Nevertheless, specifically in the case of chronic pain in the spinal column, no evidence available was found in the literature reporting possible clinical effects of EA on skin temperature, meaning that the present results were pioneering in the investigation of this phenomenon.
EA, therefore, is a therapeutic resource that is easy to apply, low in cost and with a relative absence of side effects, which assists in reestablishing health as a whole29. In addition to this, it may be applied, multi-professionally, at all levels of healthcare. In this scenario, upon evidencing the high prevalence of people with chronic back pain1) and the negative impacts that this causes on their lives2-4, EA may be seen as an intervention tool which may be easily implemented in the nurse’s clinical practice, so as to help these people’s rehabilitation and, consequently, improve the quality of their lives.

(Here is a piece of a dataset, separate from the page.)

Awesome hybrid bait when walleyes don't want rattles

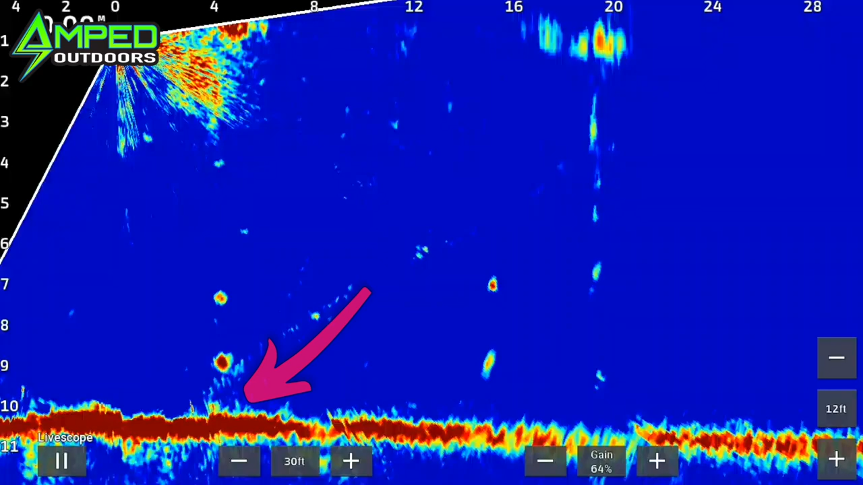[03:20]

As possible limitations of this study, one may consider the withdrawal of some volunteers from the treatment and placebo groups due to the discomfort caused by the insertion and placement of the semipermanent needles in the ear. It is believed, furthermore, that the fact that the volunteers from the control group remained for a considerable period of time receiving only the assessments may have caused a greater loss in this group, although they were assured that they had the right to receive the intervention at the end of the follow-up period. Furthermore, the intervention was undertaken individually, as is strongly recommended by TCM, and this hinders the use of the same auricular points, although satisfactory and statistically significant results have been obtained in this way.
Further studies are suggested, in different contexts, to improve the substantiation of these results, as well as investigating the action of EA on other behavioral and physiological variables of chronic pain related to the musculoskeletal system.
Conclusion
There was a statistically significant difference between the groups and over time, in relation to physical disability; and in relation to tissue temperature, this difference occurred during the follow-up time. These findings demonstrate that EA is an intervention that may be implemented in the nurse’s clinical practice, so as to assist the treatment and, consequently, the rehabilitation of people with chronic pain in the spinal column. It is hoped that the results of this study will encourage the use of this therapeutic resource by nurses in their care activities.